**To do:** Skip the pictures, and retype the data below in full, exactly.

(Source data)
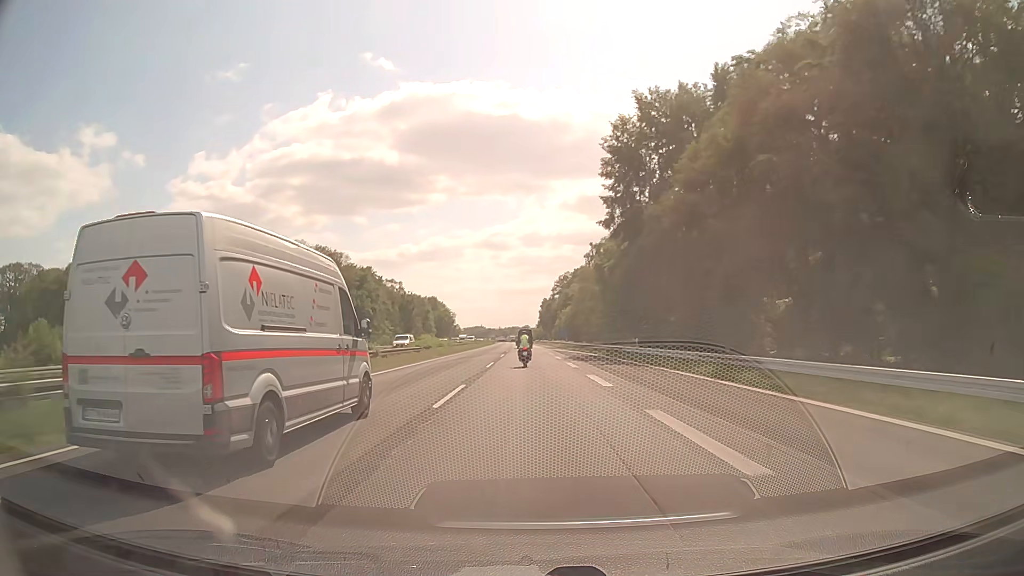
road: motorway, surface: asphalt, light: Day
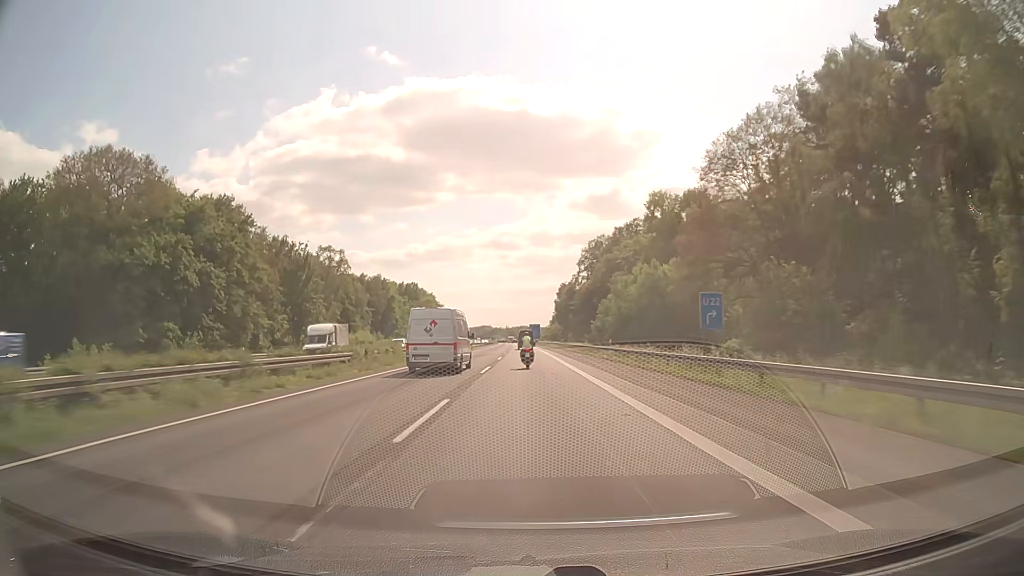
(-0.9, +94.2) m; -1°
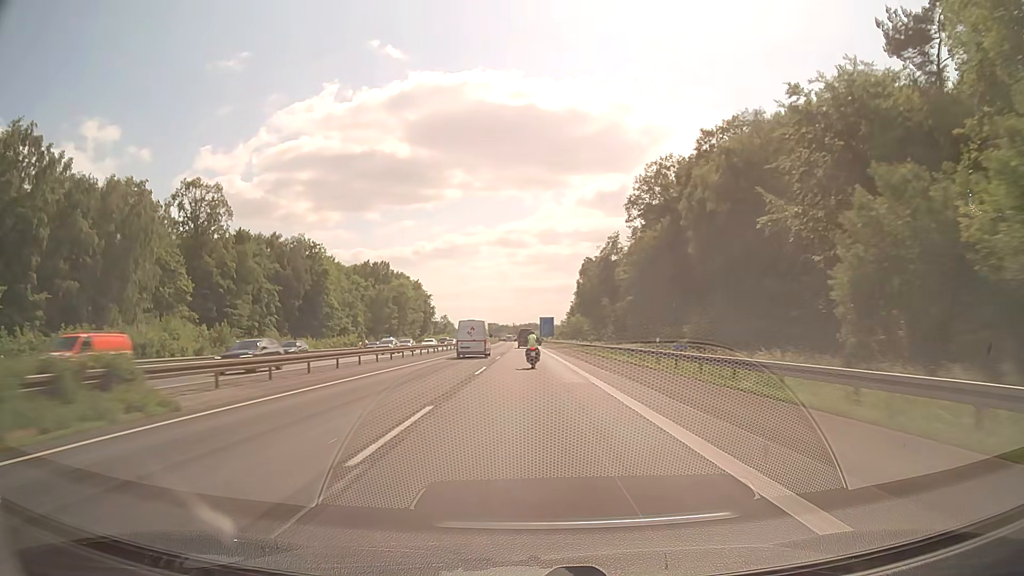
(-0.7, +73.7) m; -1°
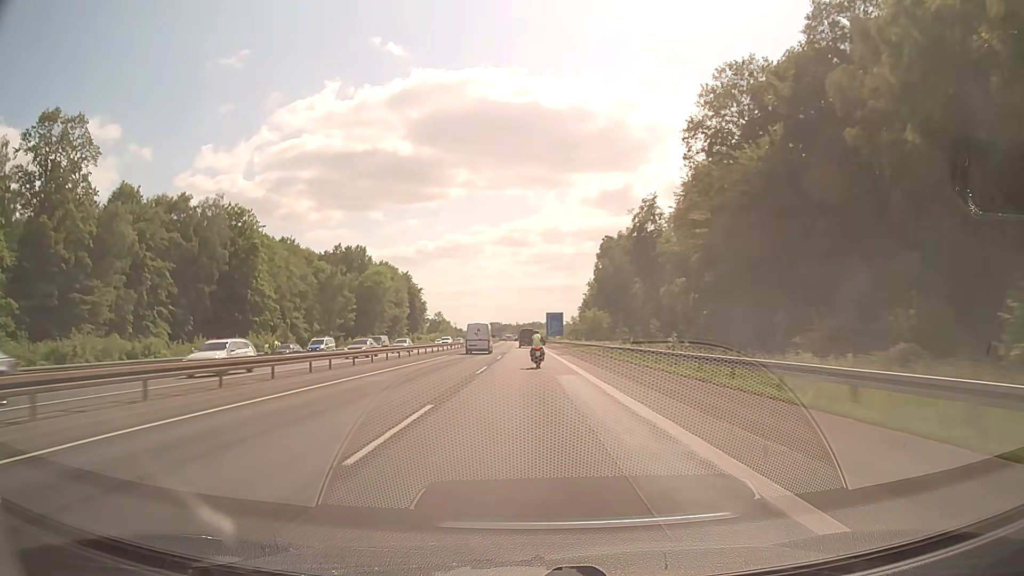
(-0.1, +35.8) m; 0°
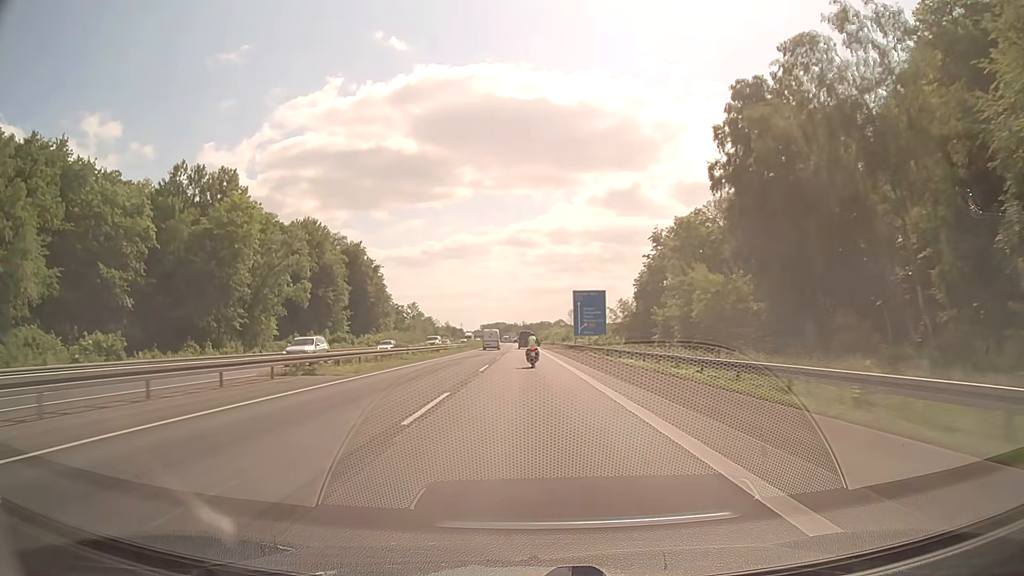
(-0.3, +86.4) m; -1°
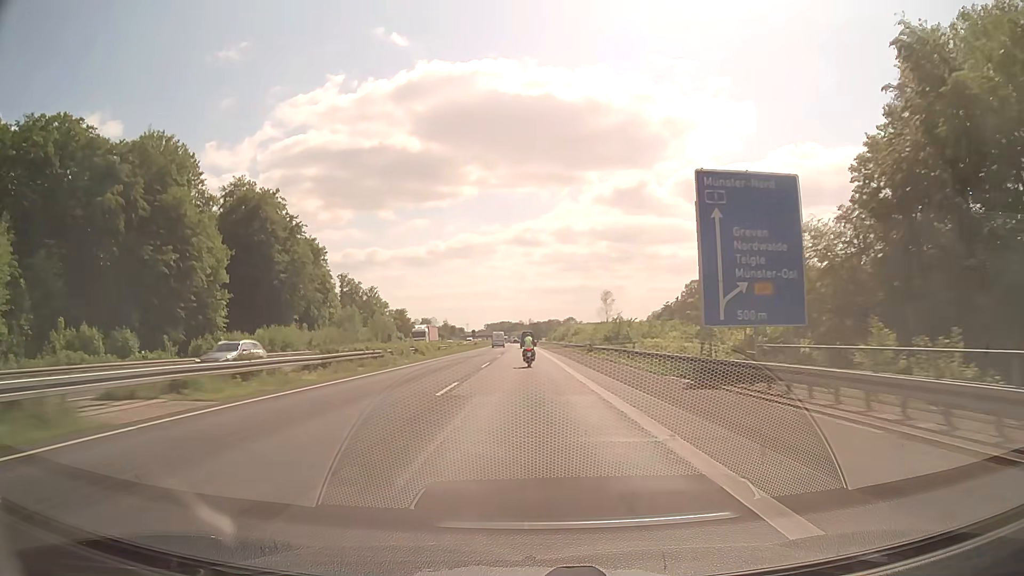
(-0.1, +67.9) m; 0°
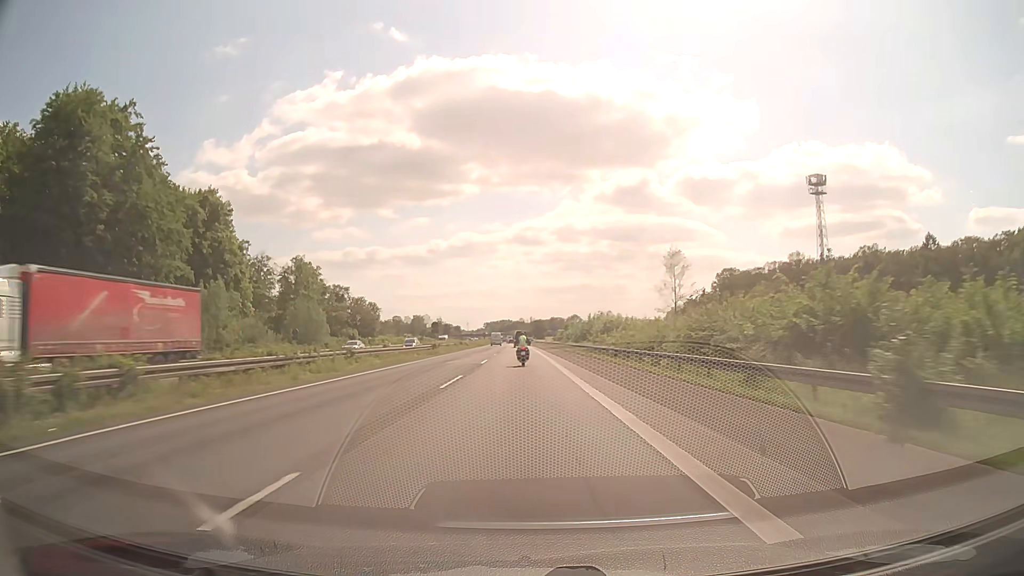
(-0.1, +50.4) m; 0°
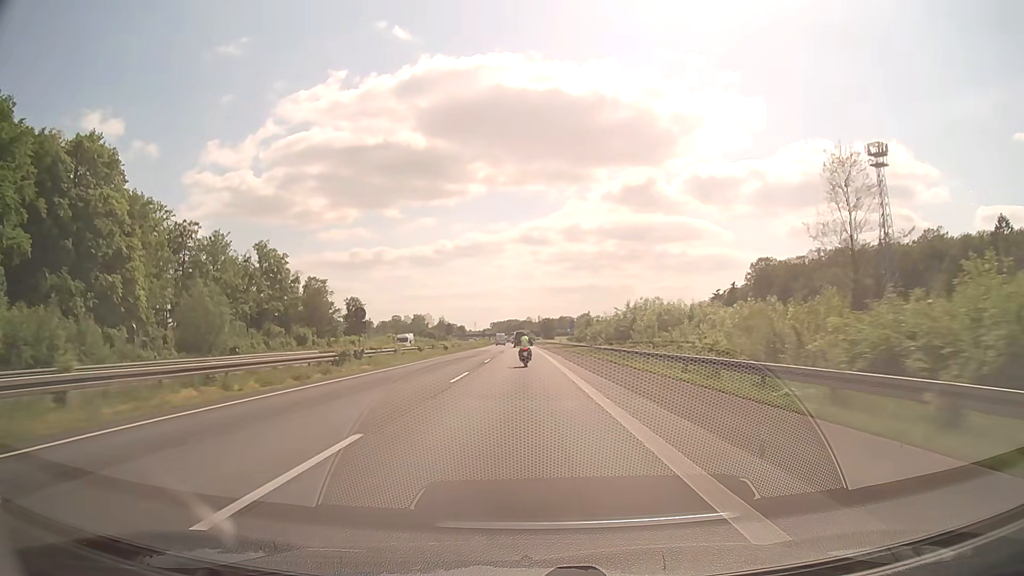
(-0.1, +33.2) m; -1°
(0, +10) (0, +20) (0, +30) (0, +40) (0, +50) (0, +60) (0, +70) (-1, +80) (-1, +90) (-1, +100) m

**Answer for the task:**
road: motorway, surface: asphalt, light: Day
(-0.9, +94.2) m; -1°
(-0.7, +73.7) m; -1°
(-0.1, +35.8) m; 0°
(-0.3, +86.4) m; -1°
(-0.1, +67.9) m; 0°
(-0.1, +50.4) m; 0°
(-0.1, +33.2) m; -1°
(0, +10) (0, +20) (0, +30) (0, +40) (0, +50) (0, +60) (0, +70) (-1, +80) (-1, +90) (-1, +100) m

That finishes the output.